May 8 (Bloomberg) -- A few months ago, Bloomberg News reporter Caroline Byrne chronicled a British divorce court's chilling new open-handedness with the ex-wives of rich businessmen. ...The situation for rich men has grown so dire that a U.K. divorce lawyer named Jeremy Levison now tells his clients: "Don't get married. If you must, make sure your other half is as rich as you."
British law has now put a fine point on a question that has been hovering over Wall Street for a long time now, and grown more interesting with each tic upward in hedge-fund pay: Why does Wall Street Man get married at all? ...I was curious if there might not be a more plausible explanation why so many young men who set out so single-mindedly to become rich on Wall Street ignore the British divorce lawyer's sage advice.
To find it I called a man who now runs a very successful hedge fund, and who, before he set off on his own, had a very successful career pricing complex securities for big Wall Street firms. He was a quant with horse sense -- just the sort of person the market would turn to if they wanted to put a price on something that seemed unpriceable.

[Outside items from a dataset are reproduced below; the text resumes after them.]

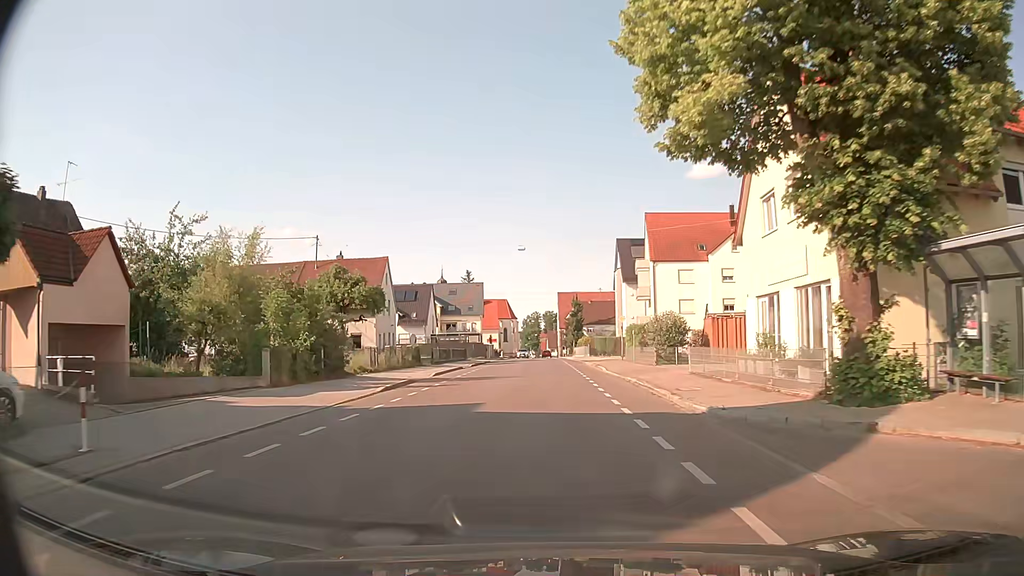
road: tertiary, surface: asphalt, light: Day
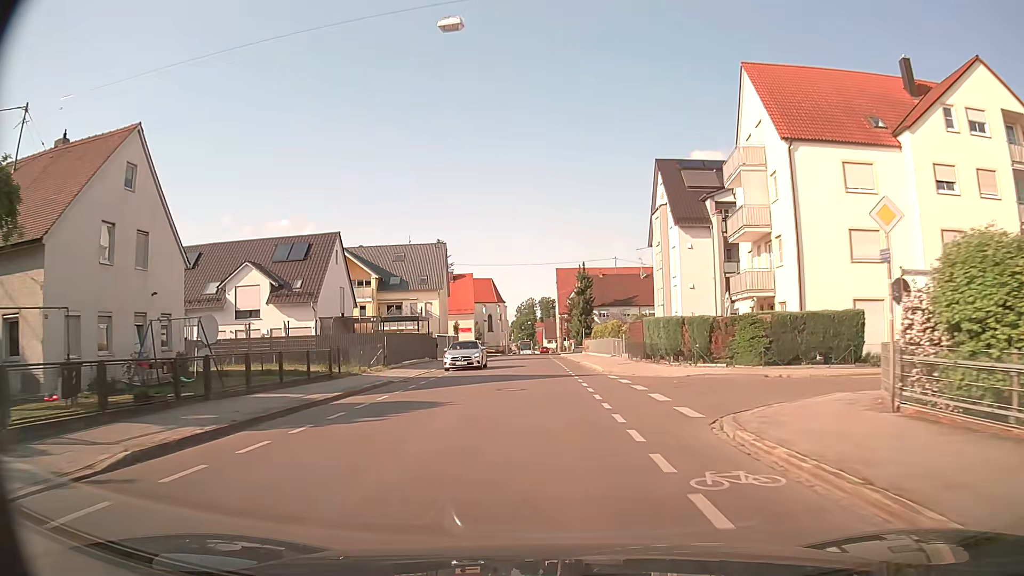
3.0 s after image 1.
(+0.2, +37.8) m; 0°
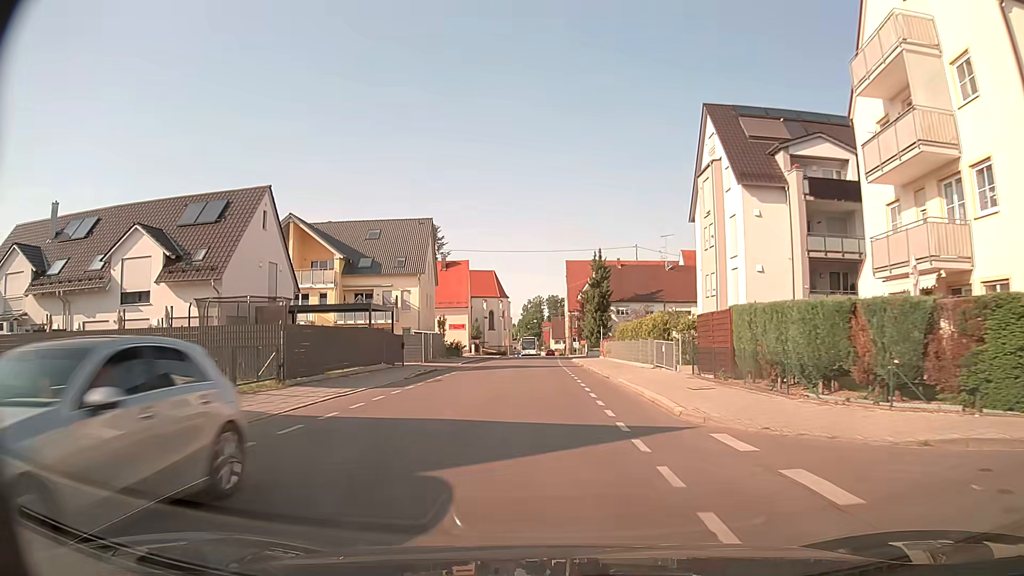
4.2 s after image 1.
(-0.1, +14.6) m; -1°
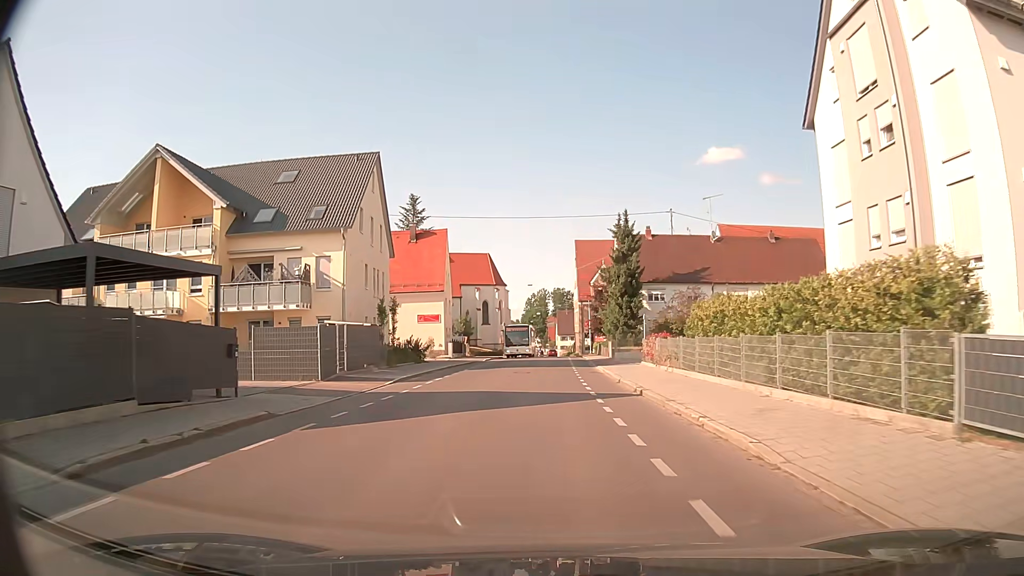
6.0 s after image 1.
(-0.1, +21.6) m; 0°
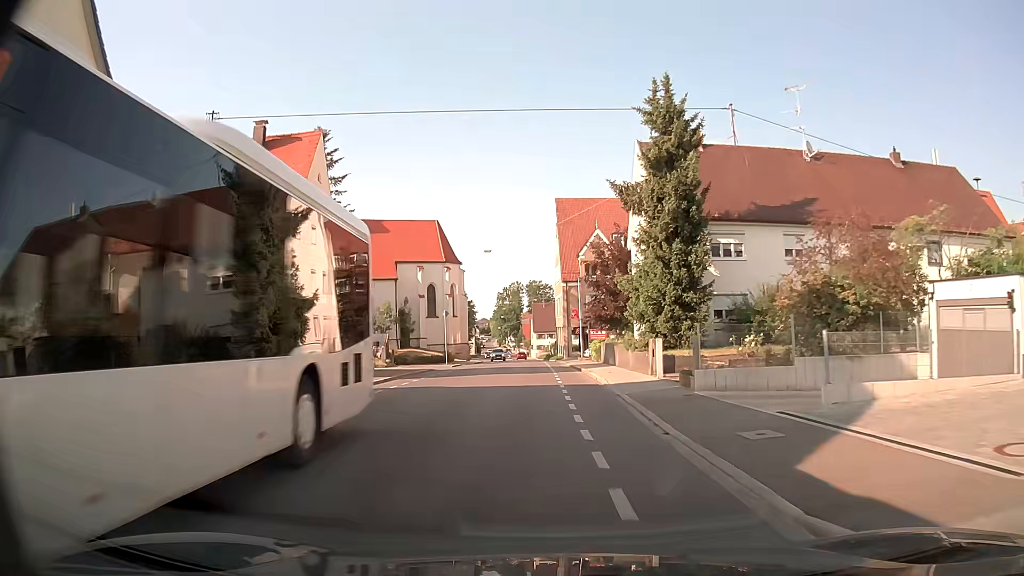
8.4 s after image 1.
(+0.5, +29.8) m; +2°
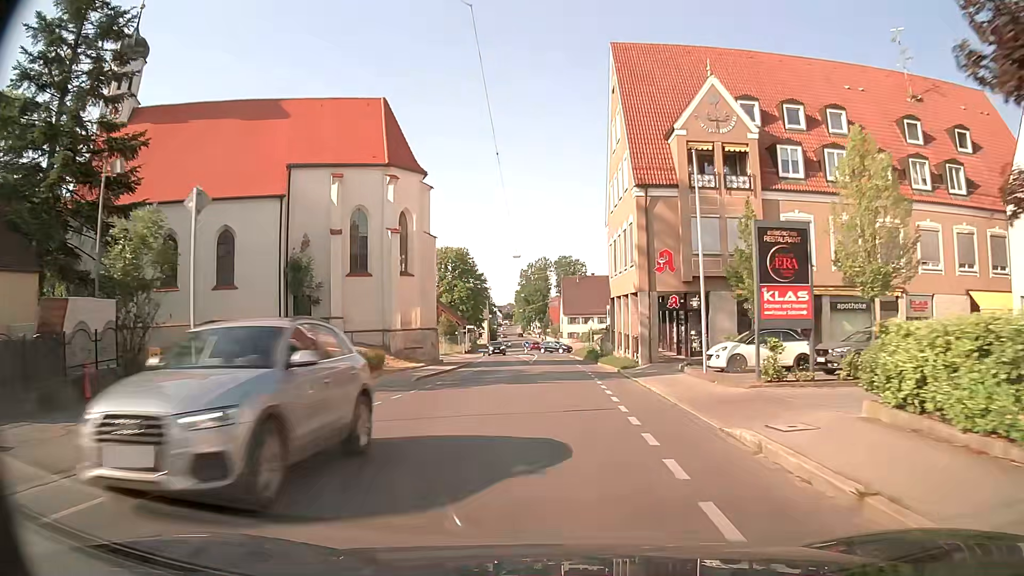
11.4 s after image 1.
(-0.9, +38.8) m; -2°
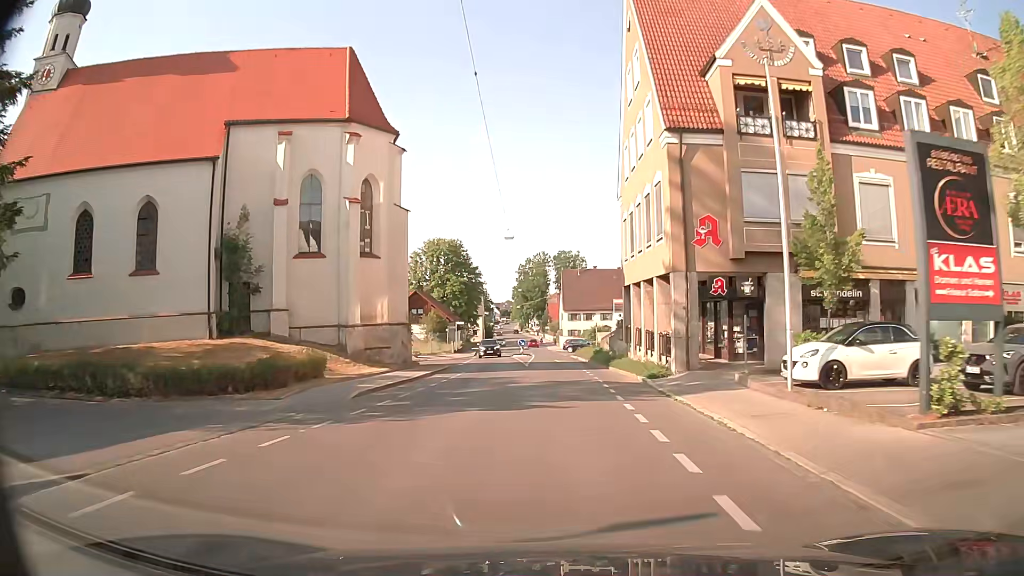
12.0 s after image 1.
(0.0, +7.8) m; 0°
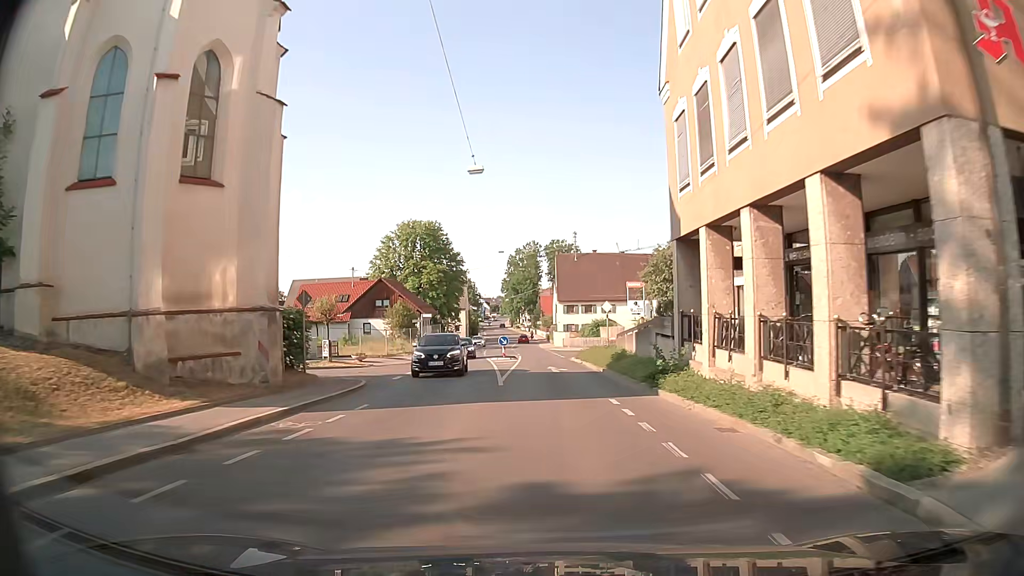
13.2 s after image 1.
(0.0, +15.2) m; 0°
(0, +10) (0, +20) (0, +30) (0, +40) (0, +50) (-1, +60) (-2, +70) (-2, +80) (-3, +90) (-3, +100) m

I asked this man to value a new security: a call option on half the expected earnings of a Wall Street trader or investment banker. Not of a banker or trader who already has made huge sums of money, but a banker or trader who is just launching his career, with dollar signs in his eyes. What, in effect, would a smart hedge-fund manager pay to marry a first-year associate at Goldman Sachs Group Inc.?

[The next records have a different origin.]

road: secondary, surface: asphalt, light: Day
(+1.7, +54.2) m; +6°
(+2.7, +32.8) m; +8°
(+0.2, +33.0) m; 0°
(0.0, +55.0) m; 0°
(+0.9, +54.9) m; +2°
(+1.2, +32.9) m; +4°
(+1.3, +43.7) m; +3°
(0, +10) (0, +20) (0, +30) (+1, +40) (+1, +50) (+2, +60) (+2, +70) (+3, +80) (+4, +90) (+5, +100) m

Because this hedge-fund manager knew especially well the fancy end of Wall Street, his assumptions were as interesting as his analysis. He began with a back-of-the-envelope calculation of the present value of the expected future earnings of a banker who made it Big Time, or BT: $25 million was about the right number, he guessed.

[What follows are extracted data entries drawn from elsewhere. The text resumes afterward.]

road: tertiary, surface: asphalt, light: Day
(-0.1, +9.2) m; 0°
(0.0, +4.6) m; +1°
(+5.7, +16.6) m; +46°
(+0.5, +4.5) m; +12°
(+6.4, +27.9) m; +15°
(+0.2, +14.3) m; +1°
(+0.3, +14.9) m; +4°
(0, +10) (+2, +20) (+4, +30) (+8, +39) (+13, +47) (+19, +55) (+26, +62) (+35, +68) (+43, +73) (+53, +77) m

He then further assumed -- again, drawing on his experience of many years watching young men trying to get really, really rich -- that about one in 25 who start out in Wall Street jobs actually make the BT. He then calculated something he called the Market Price of Risk, or MPR, which he described as "an adjustment that makes risky propositions just as attractive as other investments in the world.''
Formula for Truth
He felt reasonably sure -- here he drew some analogy to pricing of options on catastrophe bonds -- that in this case the MPR should range from 0.5 to 0.75. He conceded that he'd fudged quite a bit. He completely ignored the value of the intermediate cases -- the guys who didn't make the BT but still amassed several million dollars. His goal was not smart-bomb accuracy but to land in the general vicinity of truth.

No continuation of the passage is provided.